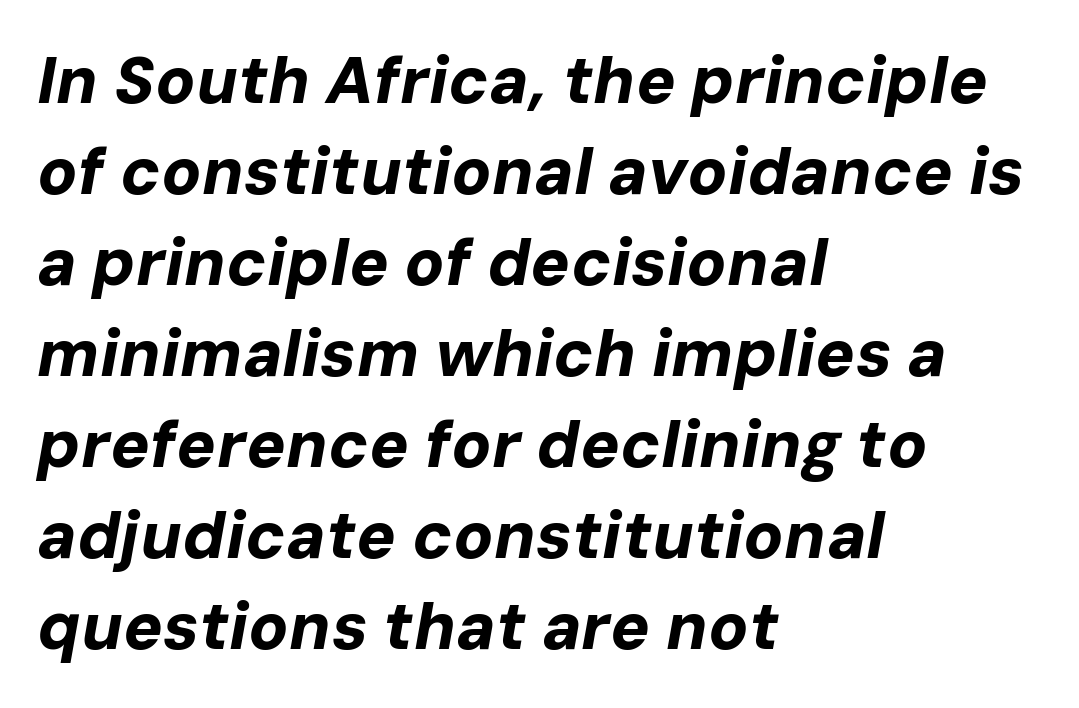
Summary of vertical rhythm: regular, with standard interline spacing. The text block is weighted toward the left margin, trailing off unevenly rightward. You could not count columns in this text — the font is proportionally spaced. How are the letters spaced? Ordinarily, with no added tracking.
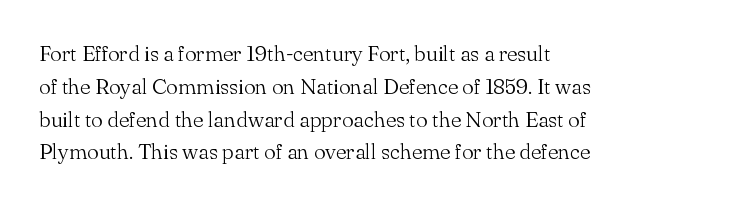
{"italic": "no", "bold": "no", "underline": "no", "align": "left", "line_spacing": "normal", "line_spacing_ratio": 1.49, "letter_spacing": "normal", "letter_spacing_em": 0.0, "glyph_px": 22}
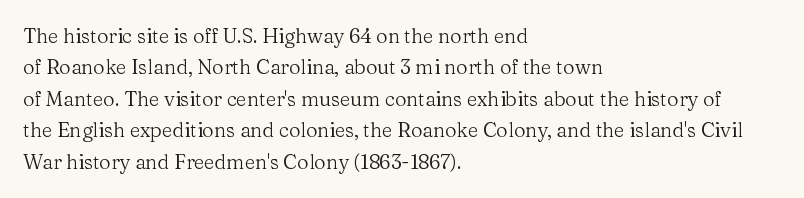
Q: Is the text bold? A: No.
Q: Is the text italic (slanted)? A: No, it is upright.
Q: Is the text underlined? A: No.
Q: How is the paragraph aligned? A: Left-aligned.
Q: Is the spacing between letters normal or unusually wide? A: Normal.
Q: Is the spacing between lines tight, normal or loose? A: Normal.
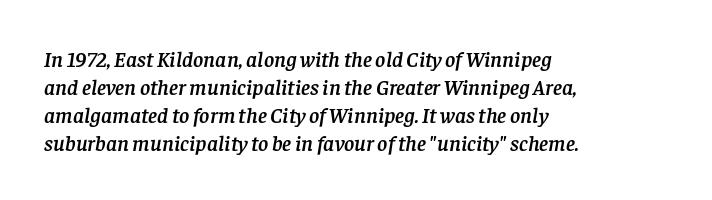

◆ **What the task asks**: The answer must reproduce every line of the records above exactly, with all pictures left out.

◆ **Exercise result**:
Summary of vertical rhythm: regular, with standard interline spacing. The text block is weighted toward the left margin, trailing off unevenly rightward. You could not count columns in this text — the font is proportionally spaced. How are the letters spaced? Ordinarily, with no added tracking.
{"italic": "no", "bold": "no", "underline": "no", "align": "left", "line_spacing": "normal", "line_spacing_ratio": 1.49, "letter_spacing": "normal", "letter_spacing_em": 0.0, "glyph_px": 22}
Q: Is the text bold? A: No.
Q: Is the text italic (slanted)? A: No, it is upright.
Q: Is the text underlined? A: No.
Q: How is the paragraph aligned? A: Left-aligned.
Q: Is the spacing between letters normal or unusually wide? A: Normal.
Q: Is the spacing between lines tight, normal or loose? A: Normal.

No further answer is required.